SAVE AS: notebooks/modeling/05_late_fusion.ipynb

WHAT THIS DOES:
- Uses already-trained Audio, Text, Video models
- Combines their predictions (weighted average)
- Finds optimal weights for fusion
- Compares with early fusion
- Robust to missing modalities
"""

# ========== CELL 1: Import Libraries ==========
print("Importing libraries...")

import pandas as pd
import numpy as np
import torch
import torch.nn as nn
from pathlib import Path
from sklearn.preprocessing import StandardScaler
from sklearn.linear_model import Ridge
from sklearn.metrics import mean_absolute_error, mean_squared_error, r2_score
import matplotlib.pyplot as plt
import warnings
warnings.filterwarnings('ignore')

print("✓ Libraries imported")

device = torch.device('cuda' if torch.cuda.is_available() else 'cpu')
print(f"Using device: {device}")

# ========== CELL 2: Load Data ==========
print("\nLoading data...")

PROCESSED_DIR = Path(r'C:\Users\VIJAY BHUSHAN SINGH\depression_detection_project\data\processed')
MODELS_DIR = Path(r'C:\Users\VIJAY BHUSHAN SINGH\depression_detection_project\models\saved_models')
RESULTS_DIR = Path(r'C:\Users\VIJAY BHUSHAN SINGH\depression_detection_project\results')

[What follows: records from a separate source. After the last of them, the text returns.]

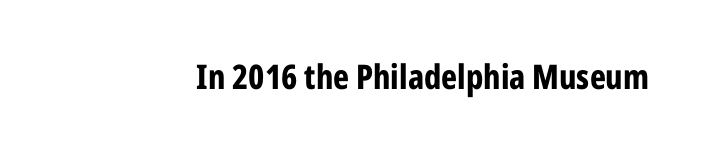
Q: Is the text bold? A: Yes.
Q: Is the text italic (slanted)? A: No, it is upright.
Q: Is the typeface a serif or a sans-serif typeface? A: Sans-serif.
Q: Is the text underlined? A: No.
Q: Is the spacing between letters normal or unusually wide? A: Normal.
Q: Width (condensed, normal, or wide)? A: Condensed.
Q: Stroke contrast? A: Low.
Q: x-height? A: Medium.
Q: Monospaced? A: No.
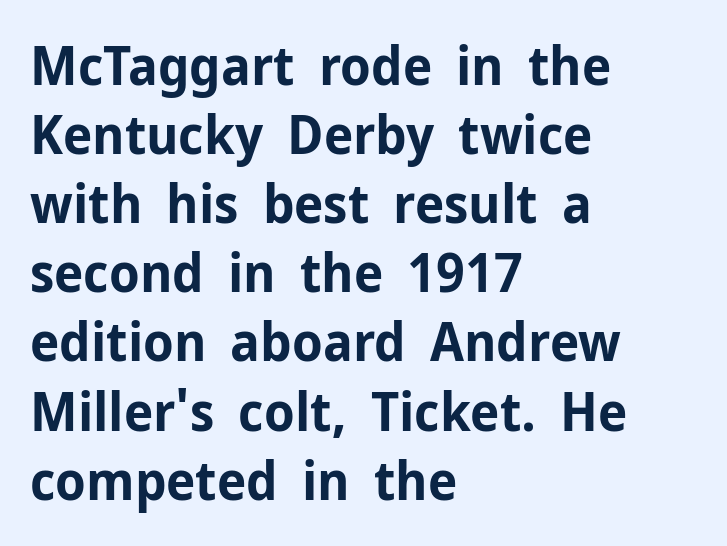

train_df = pd.read_csv(PROCESSED_DIR / 'train_data.csv')
val_df   = pd.read_csv(PROCESSED_DIR / 'val_data.csv')
test_df  = pd.read_csv(PROCESSED_DIR / 'test_data.csv')

print(f"✓ Data loaded")

# ========== CELL 3: Identify Features by Modality ==========
print("\nIdentifying features...")

audio_cols = [c for c in train_df.columns if any(x in c for x in ['mfcc','pitch','energy','spectral','zcr','rolloff','duration'])]
text_cols  = [c for c in train_df.columns if 'bert' in c.lower() or any(x in c.lower() for x in ['word','positive','negative','question'])]
video_cols = [c for c in train_df.columns if 'AU' in c or 'gaze' in c.lower() or any(x in c for x in ['Tx','Ty','Tz','Rx','Ry','Rz'])]

print(f"  Audio: {len(audio_cols)} features")
print(f"  Text: {len(text_cols)} features")
print(f"  Video: {len(video_cols)} features")

# ========== CELL 4: Prepare Data ==========
print("\nPreparing modality-specific data...")

def prepare_modality_data(df, feature_cols):
    if len(feature_cols) == 0:
        return None, df['PHQ8_Score'].values, None
    X = df[feature_cols].values
    y = df['PHQ8_Score'].values
    scaler = StandardScaler()
    X = scaler.fit_transform(X)
    return X, y, scaler

X_train_audio, y_train, scaler_audio = prepare_modality_data(train_df, audio_cols)
X_val_audio, _, _ = prepare_modality_data(val_df, audio_cols)
X_test_audio, _, _ = prepare_modality_data(test_df, audio_cols)

if scaler_audio:
    X_val_audio = scaler_audio.transform(val_df[audio_cols].values)
    X_test_audio = scaler_audio.transform(test_df[audio_cols].values)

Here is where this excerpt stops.